Der schmuck herausgeputzte Hof Unterackert glänzt an diesem Samstagnachmittag in gastfreundlichem Sonnenlicht. «I bi dr Peter», begrüsst Landwirt Peter Sieber, seit 40 Jahren Pächter auf dem idyllisch gelegenen Hof Unterackert, jeden einzelnen Gast an «seiner» Viehschau. Sieber ist nämlich zusammen mit Tochter Silvia noch das einzige Mitglied der in Auflösung begriffenen Himmelrieder Viehzuchtgenossenschaft. Die andern Züchter hätten sich mangels Zeit «auf und davon gemacht», so Sieber, der gern «grad use» redet. Es werde aber wieder eine Genossenschaft geben. Siebers zahlreiche Helfer im kultigen Bauernhemd führen unterdessen seine 22 fein herausgeputzten Kühe, sieben Rinder und Stier «Adrian» der Reihe nach auf den Schauplatz. «Alle Tiere tragen noch ihre Hörner», stellt ein Wanderer aus Basel begeistert fest. Das entspricht ganz der Philosophie des umtriebigen Peter Sieber und seiner Familie, der erklärt: «Wir machen Natur, das ist gar nicht so schlecht, und wir nehmen uns Zeit für die Konsumenten. Was, wenn die Konsumenten sich nicht mehr Zeit für uns nehmen?»

Der Schauexperte in Aktion

Doch sie nehmen sich Zeit. Zeit für Siebers Viehschau. Zahlreich haben sie sich auf «Unterackert» eingefunden, die Kunden, Bekannten oder Leute aus der Umgebung und geniessen die Sonne, ein Bier mit Schinken und Kartoffelsalat oder die heimeligen Lieder des Jodelklubs Passwang aus Mümliswil, der vielstimmig verspricht: «Hütt jutzen i». Nein, Zeit zum Jutzen hat Schauexperte Beat von Felten aus Kestenholz nicht, der sich als Mitglied der Schaukommission des Solothurner Fleckviehzuchtverbandes die 30 Tiere der Reihe nach vorführen lässt.

«None e paar Schritt füre», fordert der Fachmann im Chüjermutz, bückt sich, schaut bei Sarah, Simone, Brunette sowie allen anderen Tieren mit Kennerblick hin und notiert sich seine Punkte für Typ, Fundament, Euter und Strich. Von Felten wickelt die Punktierung zügig ab und erklärt dem Publikum seine Wertungen.

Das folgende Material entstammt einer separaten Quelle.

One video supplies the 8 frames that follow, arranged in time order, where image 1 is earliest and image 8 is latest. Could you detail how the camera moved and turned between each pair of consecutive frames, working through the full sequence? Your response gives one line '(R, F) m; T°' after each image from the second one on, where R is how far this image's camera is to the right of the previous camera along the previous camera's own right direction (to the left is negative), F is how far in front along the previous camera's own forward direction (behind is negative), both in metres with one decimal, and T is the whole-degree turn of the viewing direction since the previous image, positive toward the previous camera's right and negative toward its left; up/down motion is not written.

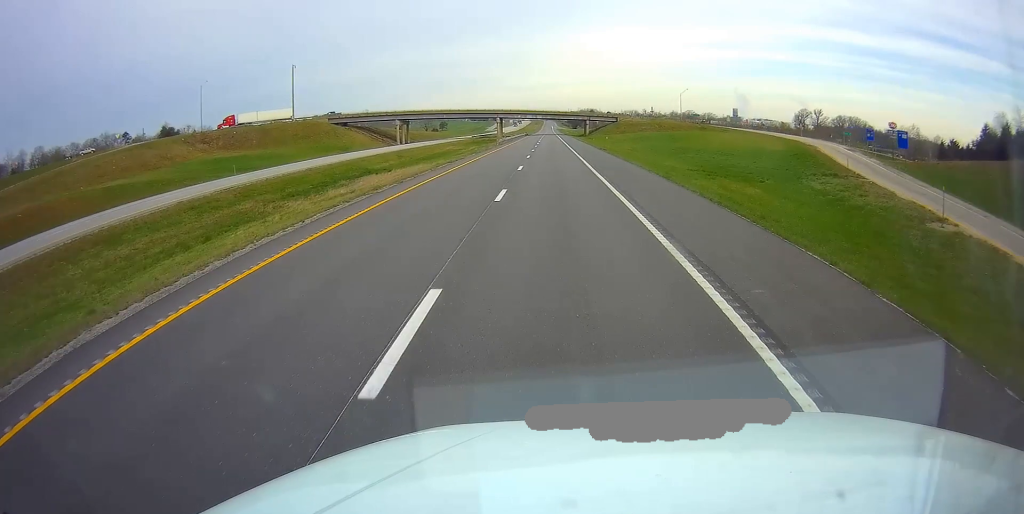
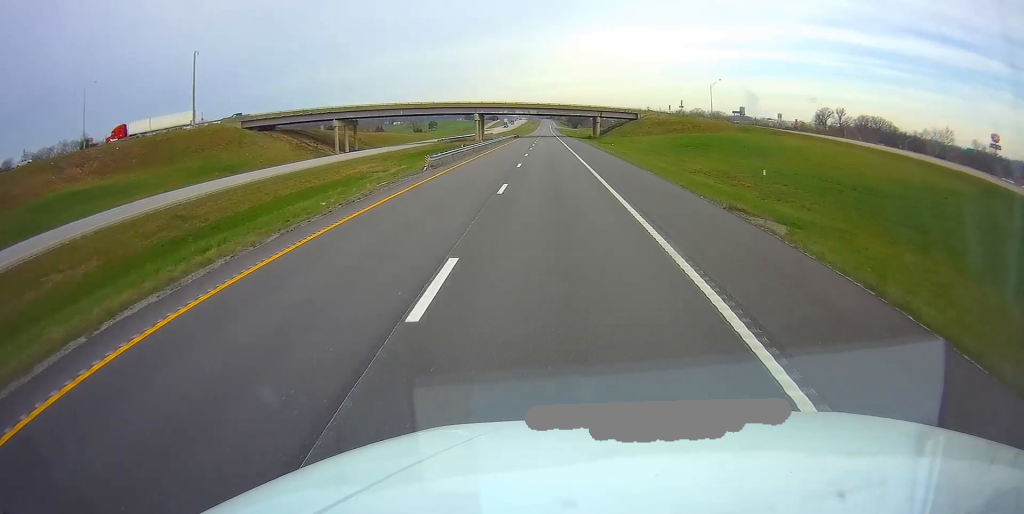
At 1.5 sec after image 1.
(+0.3, +46.6) m; 0°
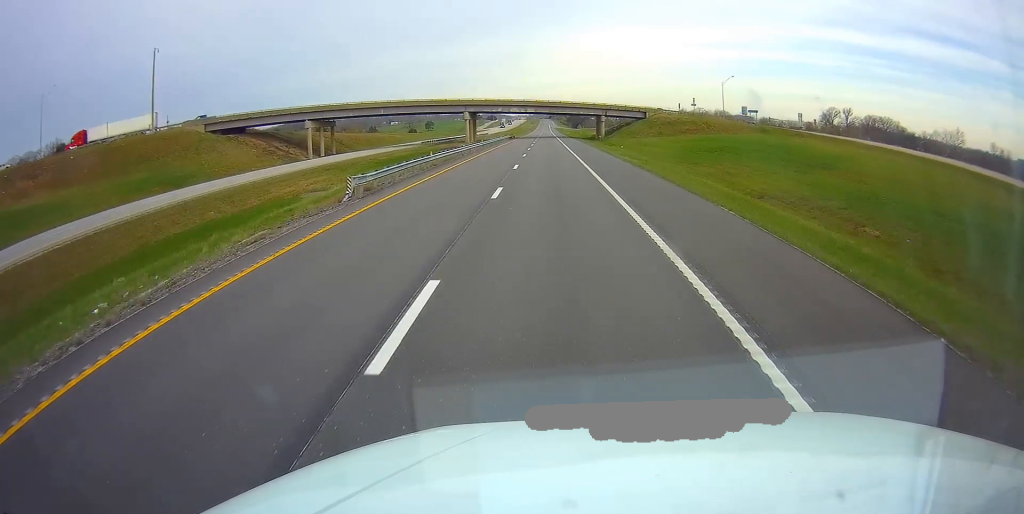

«Miss Unterackert» bezaubert Publikum

Dieses hört gespannt zu, was der Experte zu Siebers Reinbestand an Simmentaler Kühen zu sagen hat, etwa: «Typstarke, tiefe Kuh, gute obere Linie und starkes Bein.» Und es applaudiert nicht nur den Tieren mit den höchsten Punktzahlen. «Es ist eine spezielle Viehschau hier», lobt Urs Kipfer, Präsident des Solothurner Fleckviehzuchtverbandes, die naturnahe Tierhaltung mit dem «richtigen Stier für die ganze Herde». Seine Glocke für die bestbewertete Kuh «Klara», will diese aber partout nicht tragen. Da hat Alfred Siegrist von Swissherdbook mit seiner Glocke für «Germaine», der Kuh mit der grössten Lebensleistung, mehr Glück.

Ausgerechnet der kleinsten Kuh «Erika» aber aus der berggängigen Walliser Evolène-Rasse winkt das grösste Glück: Das Publikum wählt sie zur viel beklatschten «Miss Unterackert». Sympathien wiegen eben manchmal schwerer als Masse und Milchleistung.